Doctoring in Nicaragua by Greg Stidham
Greg Stidham’s Doctoring in Nicaragua is a very moving collection of poems garnered through his lifetime of pediatric critical care. Added to that, his experiences with aging parents and even now his own personal walk along that path. These, his beautiful poems, were in their creation a way in which he might ‘make sense’, for both the reader and himself, of his journey of working through and processing those immense realms of grieve, of passing, of hope, of sometimes even jubilation – this thing called ‘life’. –Bruce Kauffman, author of four complete collections of poetry and four chapbooks. His most recent collection is an evening absence still waiting for moon.
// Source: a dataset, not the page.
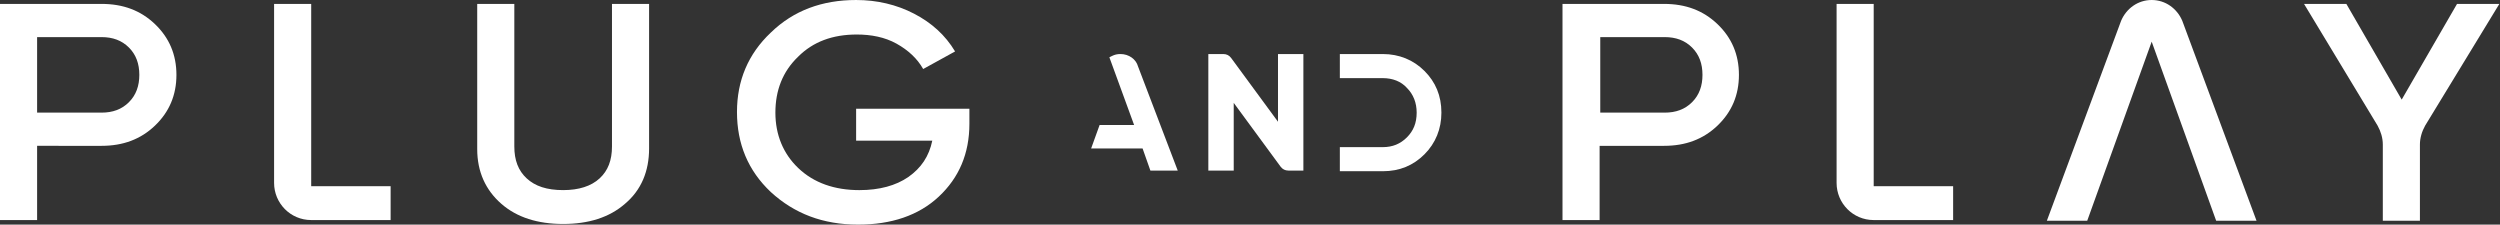 <?xml version="1.0" encoding="UTF-8"?> <svg xmlns="http://www.w3.org/2000/svg" xmlns:xlink="http://www.w3.org/1999/xlink" version="1.1" id="Слой_1" x="0px" y="0px" viewBox="0 0 384 34.5" style="enable-background:new 0 0 384 34.5;" xml:space="preserve"><rect x="0" y="0" width="384" height="34.5" fill="#333333" stroke="none"/> <style type="text/css"> .st0{fill:#FFCADE;} .st1{fill:#FF007F;} .st2{fill:#FFFFFF;} </style> <g> <g> <g> <path class="st2" d="M0,0.6h15.6c3.3,0,6,1,8.2,3.1c2.2,2.1,3.3,4.7,3.3,7.8c0,3.1-1.1,5.7-3.3,7.8c-2.2,2.1-4.9,3.1-8.2,3.1H5.7 v11.4H0V0.6z M5.7,17.3h9.9c1.7,0,3.1-0.5,4.2-1.6c1.1-1.1,1.6-2.5,1.6-4.2c0-1.7-0.5-3.1-1.6-4.2c-1.1-1.1-2.5-1.6-4.2-1.6H5.7 V17.3z"></path> <path class="st2" d="M47.8,0.6v28H60v5.2H47.8c-3.2,0-5.7-2.6-5.7-5.7V0.6H47.8z"></path> <path class="st2" d="M73.3,22.9V0.6h5.7v21.9c0,2.1,0.6,3.7,1.9,4.9c1.3,1.2,3.1,1.8,5.6,1.8c2.4,0,4.3-0.6,5.6-1.8 c1.3-1.2,1.9-2.8,1.9-4.9V0.6h5.7v22.2c0,3.5-1.2,6.4-3.7,8.5c-2.4,2.1-5.6,3.1-9.5,3.1s-7.1-1-9.5-3.1 C74.6,29.2,73.3,26.4,73.3,22.9z"></path> <path class="st2" d="M131.4,16.7h17.5V19c0,4.6-1.6,8.3-4.7,11.2c-3.1,2.9-7.3,4.3-12.4,4.3c-5.4,0-9.8-1.7-13.4-5 c-3.5-3.3-5.2-7.4-5.2-12.3c0-4.8,1.7-8.9,5.2-12.2c3.5-3.4,7.9-5,13.1-5c3.2,0,6.2,0.7,8.9,2.1c2.7,1.4,4.8,3.3,6.3,5.8 l-4.9,2.7c-0.9-1.6-2.3-2.9-4.1-3.9c-1.8-1-3.9-1.4-6.1-1.4c-3.7,0-6.7,1.1-9,3.4c-2.4,2.3-3.5,5.2-3.5,8.6 c0,3.4,1.2,6.3,3.5,8.5c2.4,2.3,5.6,3.4,9.4,3.4c3.1,0,5.6-0.7,7.5-2c2-1.4,3.2-3.2,3.7-5.6h-11.7V16.7z"></path> </g> <g> <path class="st2" d="M196.3,18.7l-7.2-9.8c-0.3-0.4-0.7-0.6-1.2-0.6h-2.3v17.9h3.9V15.8l7.2,9.8c0.3,0.4,0.7,0.6,1.2,0.6h2.3V8.3 h-3.9V18.7z"></path> <path class="st2" d="M218.8,10.9c-1.7-1.7-3.9-2.6-6.4-2.6h-6.6v3.7h6.6c1.5,0,2.8,0.5,3.7,1.5c1,1,1.5,2.3,1.5,3.8 c0,1.6-0.5,2.8-1.5,3.8c-1,1-2.2,1.5-3.7,1.5h-6.6v3.7h6.6c2.6,0,4.7-0.9,6.4-2.6c1.7-1.7,2.6-3.9,2.6-6.4 C221.4,14.7,220.5,12.6,218.8,10.9z"></path> <path class="st2" d="M172.1,8.3c-0.5,0-0.9,0.1-1.3,0.3l-0.4,0.2l3.8,10.4h-5.3l-1.3,3.6h7.9l1.2,3.4h4.2l-6.1-16 C174.5,9.1,173.4,8.3,172.1,8.3z"></path> </g> <g> <path class="st2" d="M287.8,0.6v28H300v5.2h-12.2c-3.2,0-5.7-2.6-5.7-5.7V0.6H287.8z"></path> <path class="st2" d="M330.5,0L330.5,0c-2.1,0-3.9,1.3-4.7,3.2l-11.4,30.7h6.2l9.9-27.5l9.9,27.5h6.2L335.2,3.2 C334.4,1.3,332.6,0,330.5,0z"></path> <path class="st2" d="M377.4,0.6h6.5l-11.4,18.7c-0.5,0.9-0.8,1.9-0.8,2.9v11.7h-5.7V22.2c0-1-0.3-2-0.8-2.9L353.9,0.6h6.5 l8.5,14.7L377.4,0.6z"></path> <path class="st2" d="M240,0.6h15.6c3.3,0,6,1,8.2,3.1c2.2,2.1,3.3,4.7,3.3,7.8c0,3.1-1.1,5.7-3.3,7.8c-2.2,2.1-4.9,3.1-8.2,3.1 h-9.9v11.4H240V0.6z M245.8,17.3h9.9c1.7,0,3.1-0.5,4.2-1.6c1.1-1.1,1.6-2.5,1.6-4.2c0-1.7-0.5-3.1-1.6-4.2 c-1.1-1.1-2.5-1.6-4.2-1.6h-9.9V17.3z"></path> </g> </g> </g> </svg>

Greg Stidham‘s poetry is astounding and unique. Not since John Stone or William Carlos Williams have I witnessed a writer blend their professional past of practicing medicine with evocative, emotionally intelligent, and resonant power that good poets infuse in their work. Not all of Stidham’s poems focus on his expertise in medicine and the emotions a doctor feels when he prevails or simply cannot succeed for circumstances beyond his control, but those that do (and those that don’t!) build a bridge of empathy to the reader, such that a wide array of people from unnumbered backgrounds are granted entrance to his poems without fear of a voice too technical, cerebral, myopic. Indeed, that is Stidham’s greatest strength as writer: his accessible poems are predominately elegiac; but, as with great elegies, his poems celebrate moments in waking life in which one ponders the miraculous improbability that we live and perceive. Doctoring in Nicaragua is a chapbook that I will return to repeatedly for its profound knowledge and, most importantly, wisdom. –William Wright, author of seven collections of poetry, including forthcoming Grass Chapels.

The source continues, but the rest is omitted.